#### [What you will do]
With the images left out, print every entry that follows exactly.
Start of Block
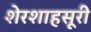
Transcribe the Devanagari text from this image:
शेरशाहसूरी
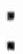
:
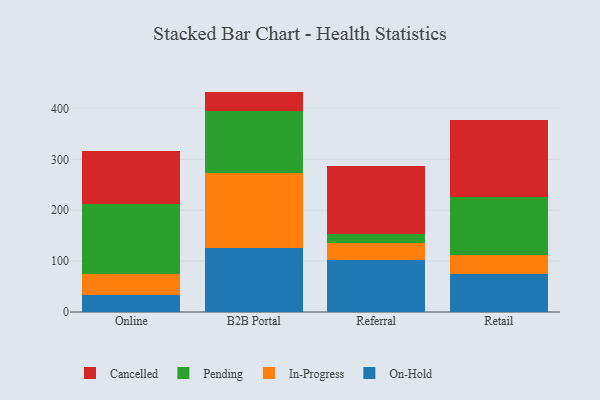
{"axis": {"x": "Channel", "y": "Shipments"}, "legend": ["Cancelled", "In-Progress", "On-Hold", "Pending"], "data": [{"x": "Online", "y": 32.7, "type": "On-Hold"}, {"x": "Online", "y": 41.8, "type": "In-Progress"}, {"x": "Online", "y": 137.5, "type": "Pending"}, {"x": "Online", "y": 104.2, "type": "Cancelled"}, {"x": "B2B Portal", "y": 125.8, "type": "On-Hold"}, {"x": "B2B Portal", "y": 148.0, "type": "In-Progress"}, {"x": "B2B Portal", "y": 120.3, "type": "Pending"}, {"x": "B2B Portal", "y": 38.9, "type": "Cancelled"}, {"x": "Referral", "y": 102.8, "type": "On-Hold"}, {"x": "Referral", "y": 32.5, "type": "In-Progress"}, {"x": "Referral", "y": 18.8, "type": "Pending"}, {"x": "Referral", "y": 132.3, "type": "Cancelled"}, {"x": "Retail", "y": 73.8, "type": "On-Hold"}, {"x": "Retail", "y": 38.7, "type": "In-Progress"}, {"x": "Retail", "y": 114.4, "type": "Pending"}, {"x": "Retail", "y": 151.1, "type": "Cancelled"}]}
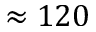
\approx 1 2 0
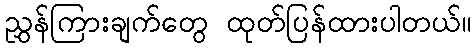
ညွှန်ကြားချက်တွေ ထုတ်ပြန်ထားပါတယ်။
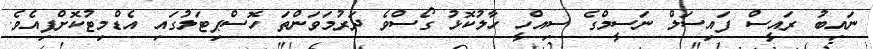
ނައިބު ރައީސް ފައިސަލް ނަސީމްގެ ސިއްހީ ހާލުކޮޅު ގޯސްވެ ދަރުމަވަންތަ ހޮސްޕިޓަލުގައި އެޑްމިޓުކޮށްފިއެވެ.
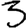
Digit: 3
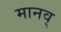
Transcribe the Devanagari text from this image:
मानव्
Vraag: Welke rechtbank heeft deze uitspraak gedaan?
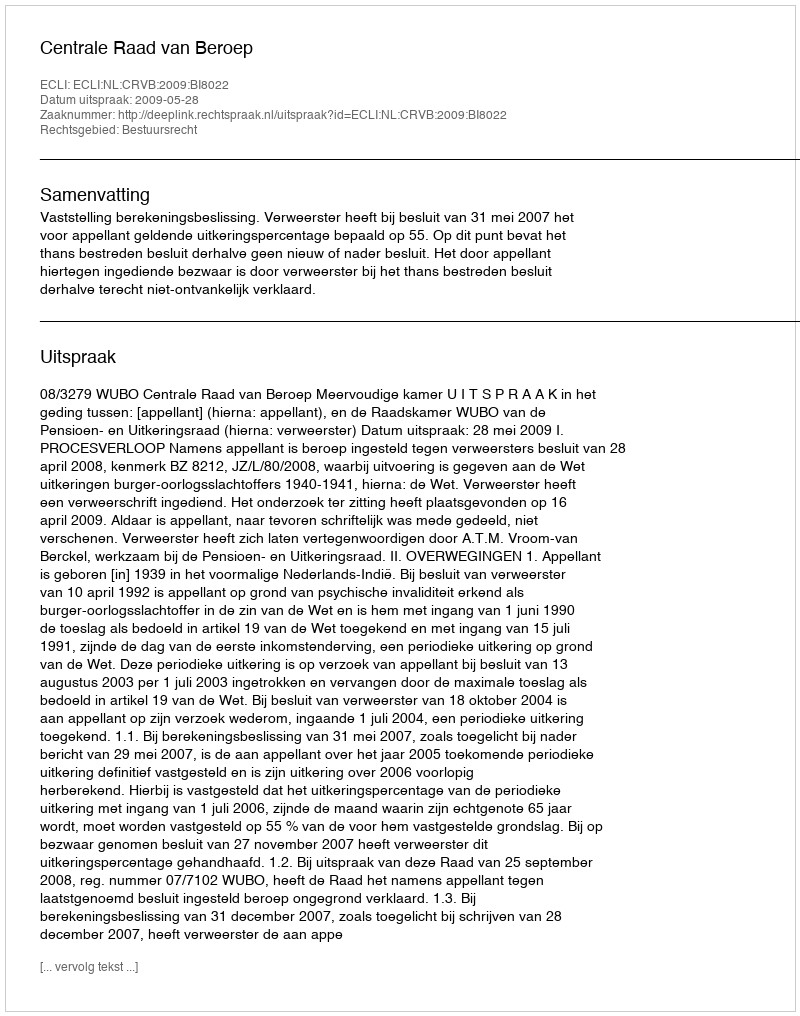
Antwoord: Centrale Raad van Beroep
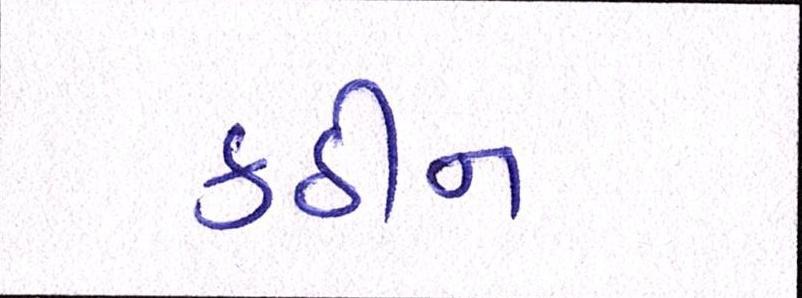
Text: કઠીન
End of Block
#### [Expected answer]
Transcribe the Devanagari text from this image:
शेरशाहसूरी
:
{"axis": {"x": "Channel", "y": "Shipments"}, "legend": ["Cancelled", "In-Progress", "On-Hold", "Pending"], "data": [{"x": "Online", "y": 32.7, "type": "On-Hold"}, {"x": "Online", "y": 41.8, "type": "In-Progress"}, {"x": "Online", "y": 137.5, "type": "Pending"}, {"x": "Online", "y": 104.2, "type": "Cancelled"}, {"x": "B2B Portal", "y": 125.8, "type": "On-Hold"}, {"x": "B2B Portal", "y": 148.0, "type": "In-Progress"}, {"x": "B2B Portal", "y": 120.3, "type": "Pending"}, {"x": "B2B Portal", "y": 38.9, "type": "Cancelled"}, {"x": "Referral", "y": 102.8, "type": "On-Hold"}, {"x": "Referral", "y": 32.5, "type": "In-Progress"}, {"x": "Referral", "y": 18.8, "type": "Pending"}, {"x": "Referral", "y": 132.3, "type": "Cancelled"}, {"x": "Retail", "y": 73.8, "type": "On-Hold"}, {"x": "Retail", "y": 38.7, "type": "In-Progress"}, {"x": "Retail", "y": 114.4, "type": "Pending"}, {"x": "Retail", "y": 151.1, "type": "Cancelled"}]}
\approx 1 2 0
ညွှန်ကြားချက်တွေ ထုတ်ပြန်ထားပါတယ်။
ނައިބު ރައީސް ފައިސަލް ނަސީމްގެ ސިއްހީ ހާލުކޮޅު ގޯސްވެ ދަރުމަވަންތަ ހޮސްޕިޓަލުގައި އެޑްމިޓުކޮށްފިއެވެ.
Digit: 3
Transcribe the Devanagari text from this image:
मानव्
Vraag: Welke rechtbank heeft deze uitspraak gedaan?
Antwoord: Centrale Raad van Beroep
Text: કઠીન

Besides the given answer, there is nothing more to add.